:: Work to complete ::
Exactly as they stand, give the records below again, with no images.

:: Dataset content ::

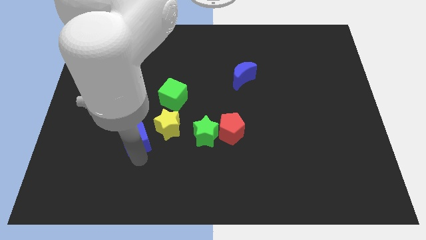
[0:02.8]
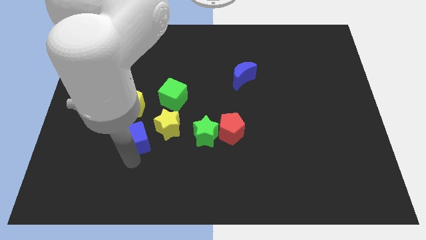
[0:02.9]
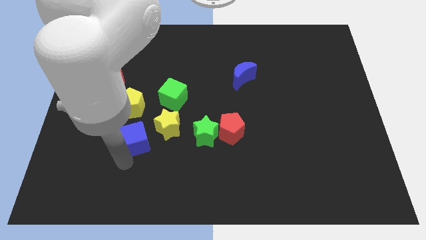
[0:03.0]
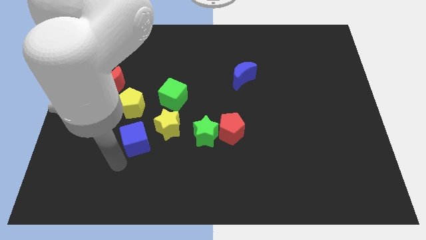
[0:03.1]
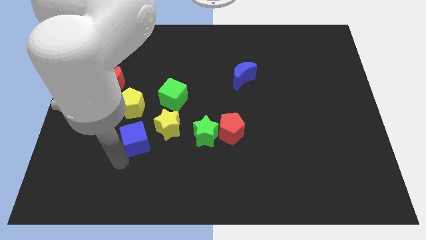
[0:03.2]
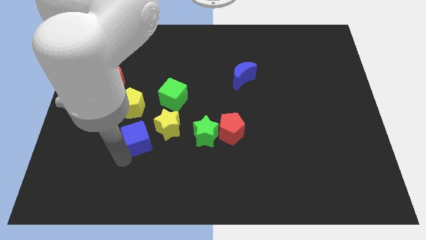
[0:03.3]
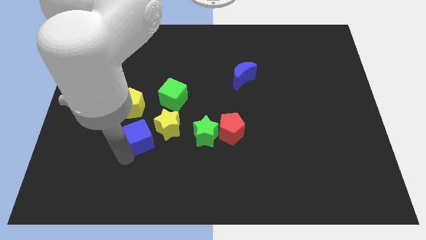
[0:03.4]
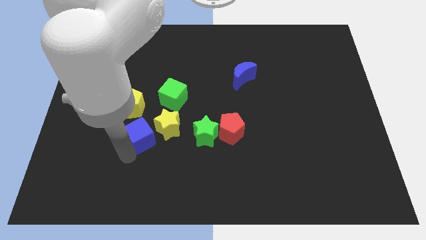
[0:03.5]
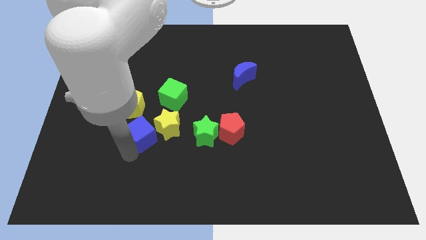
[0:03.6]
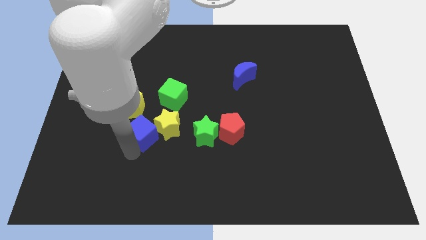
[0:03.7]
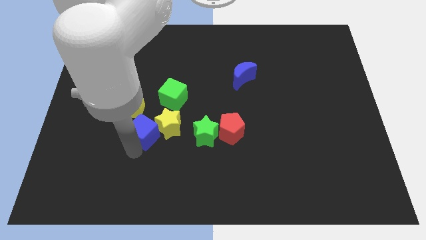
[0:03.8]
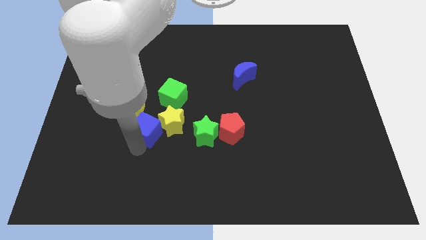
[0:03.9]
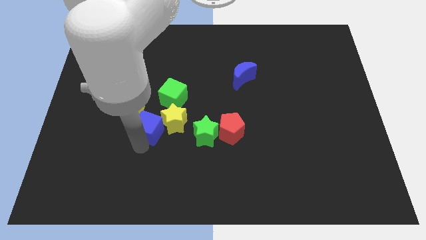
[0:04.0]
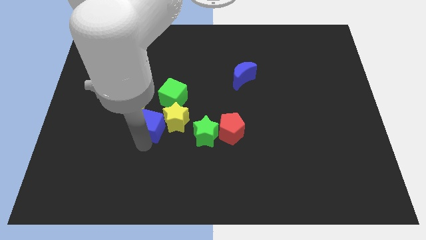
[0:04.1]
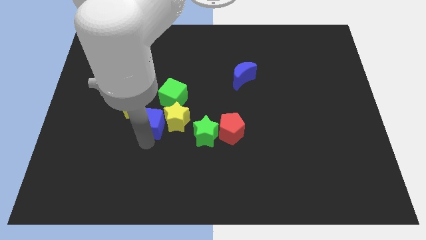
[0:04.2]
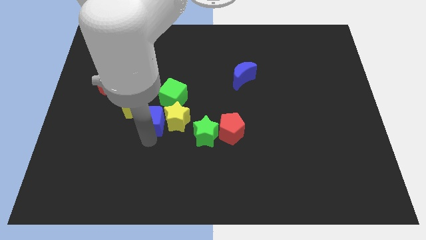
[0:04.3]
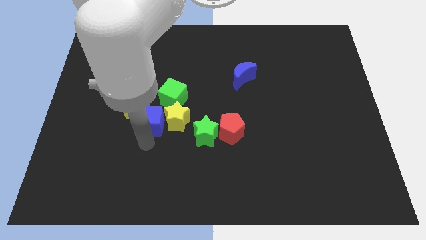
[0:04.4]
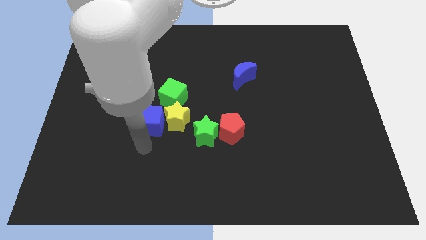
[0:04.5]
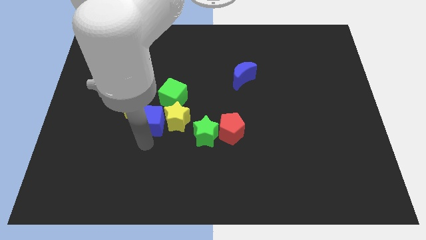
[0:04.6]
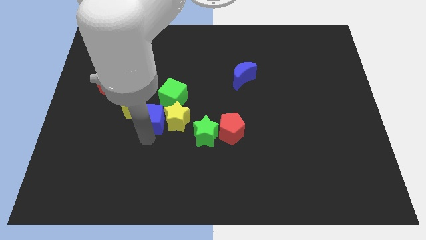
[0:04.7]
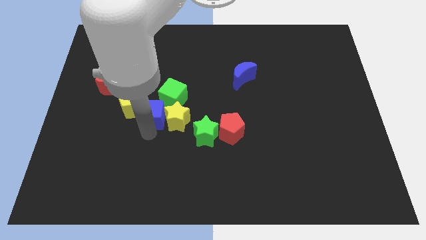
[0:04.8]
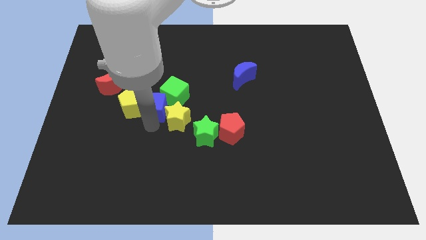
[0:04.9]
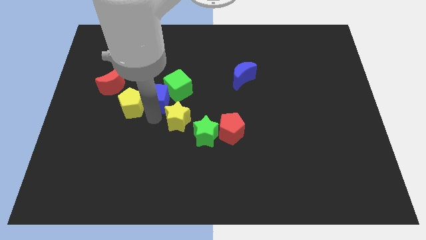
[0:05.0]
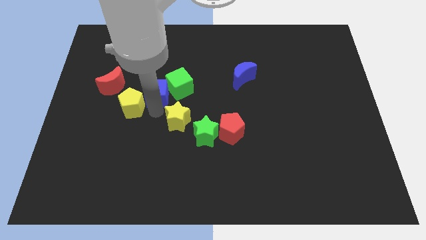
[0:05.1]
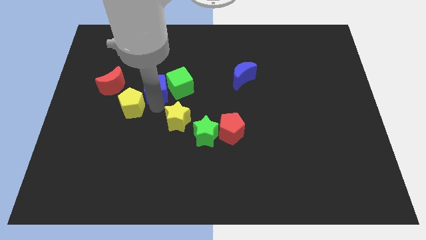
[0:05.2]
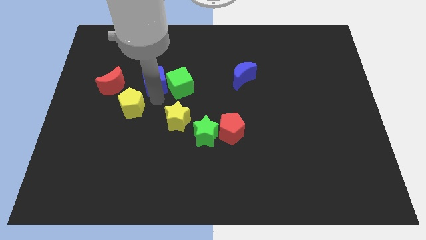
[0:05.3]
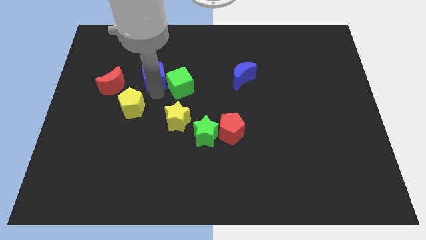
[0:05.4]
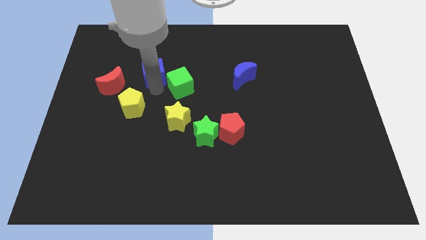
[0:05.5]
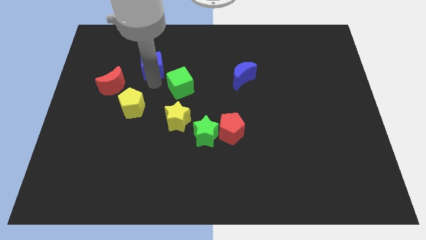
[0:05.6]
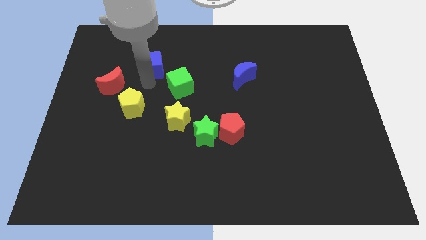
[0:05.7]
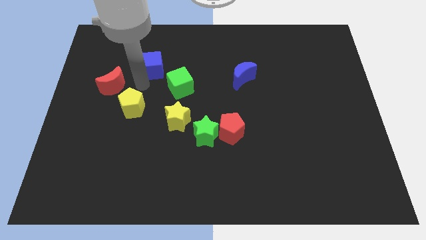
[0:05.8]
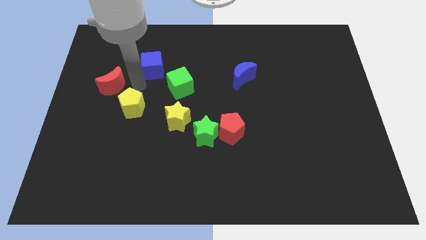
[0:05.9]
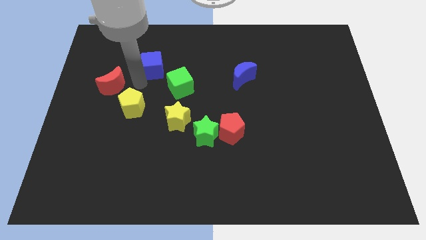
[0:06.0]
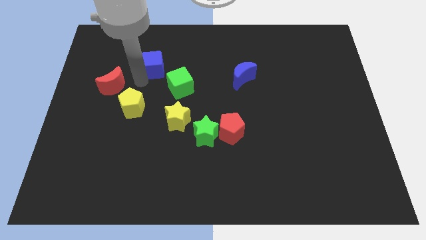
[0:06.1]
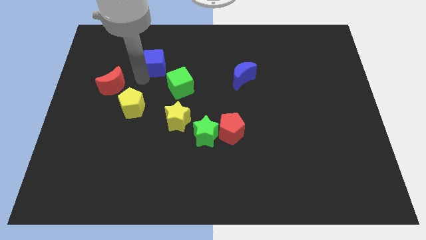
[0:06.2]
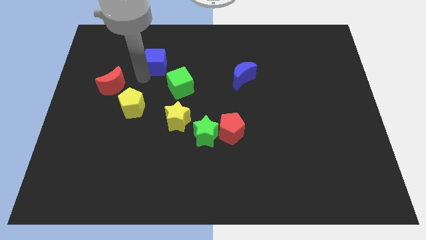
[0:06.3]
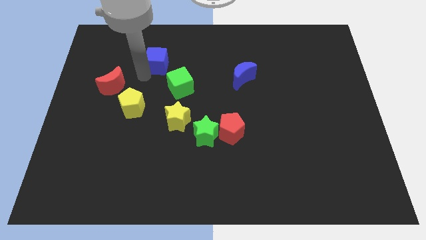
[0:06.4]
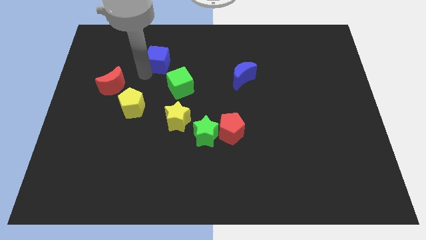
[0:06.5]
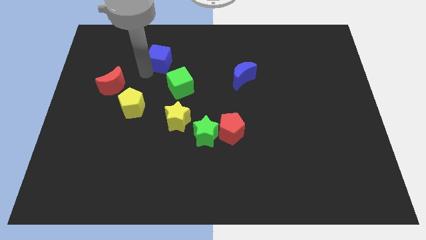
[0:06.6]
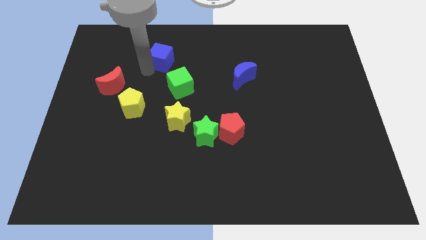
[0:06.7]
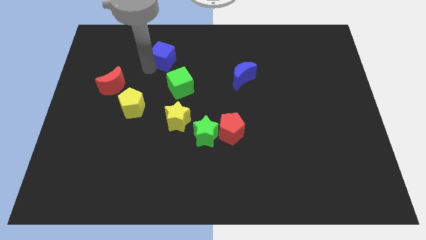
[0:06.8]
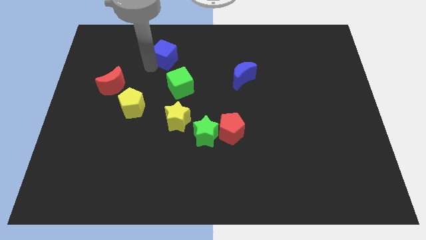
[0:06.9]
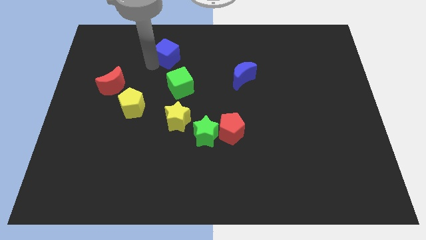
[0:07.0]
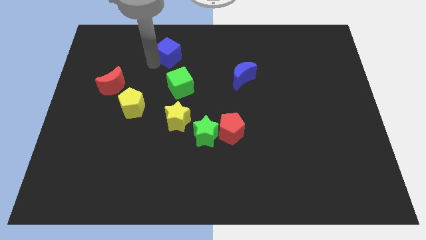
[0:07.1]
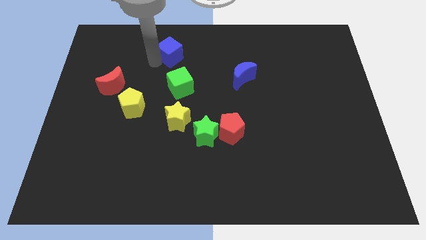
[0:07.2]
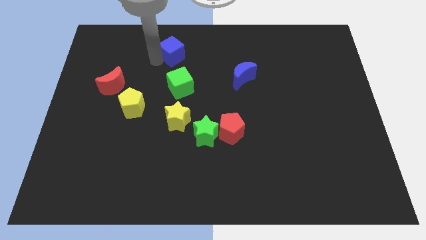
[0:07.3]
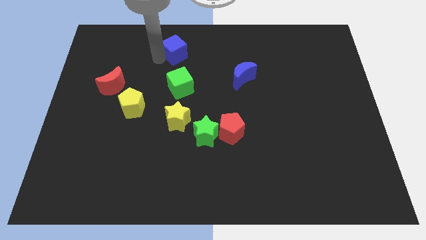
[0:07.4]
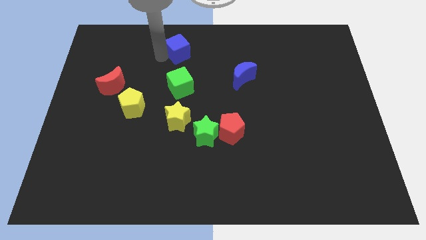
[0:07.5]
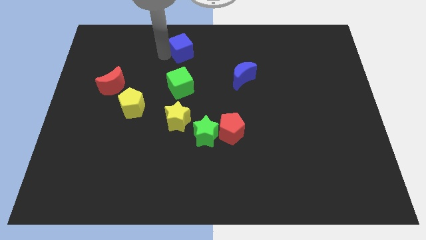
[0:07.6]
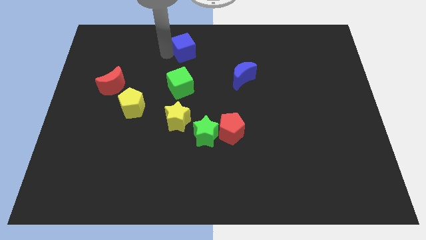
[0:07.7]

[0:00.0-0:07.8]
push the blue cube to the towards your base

:: Exercise output ::
[0:02.8]
[0:02.9]
[0:03.0]
[0:03.1]
[0:03.2]
[0:03.3]
[0:03.4]
[0:03.5]
[0:03.6]
[0:03.7]
[0:03.8]
[0:03.9]
[0:04.0]
[0:04.1]
[0:04.2]
[0:04.3]
[0:04.4]
[0:04.5]
[0:04.6]
[0:04.7]
[0:04.8]
[0:04.9]
[0:05.0]
[0:05.1]
[0:05.2]
[0:05.3]
[0:05.4]
[0:05.5]
[0:05.6]
[0:05.7]
[0:05.8]
[0:05.9]
[0:06.0]
[0:06.1]
[0:06.2]
[0:06.3]
[0:06.4]
[0:06.5]
[0:06.6]
[0:06.7]
[0:06.8]
[0:06.9]
[0:07.0]
[0:07.1]
[0:07.2]
[0:07.3]
[0:07.4]
[0:07.5]
[0:07.6]
[0:07.7]

[0:00.0-0:07.8]
push the blue cube to the towards your base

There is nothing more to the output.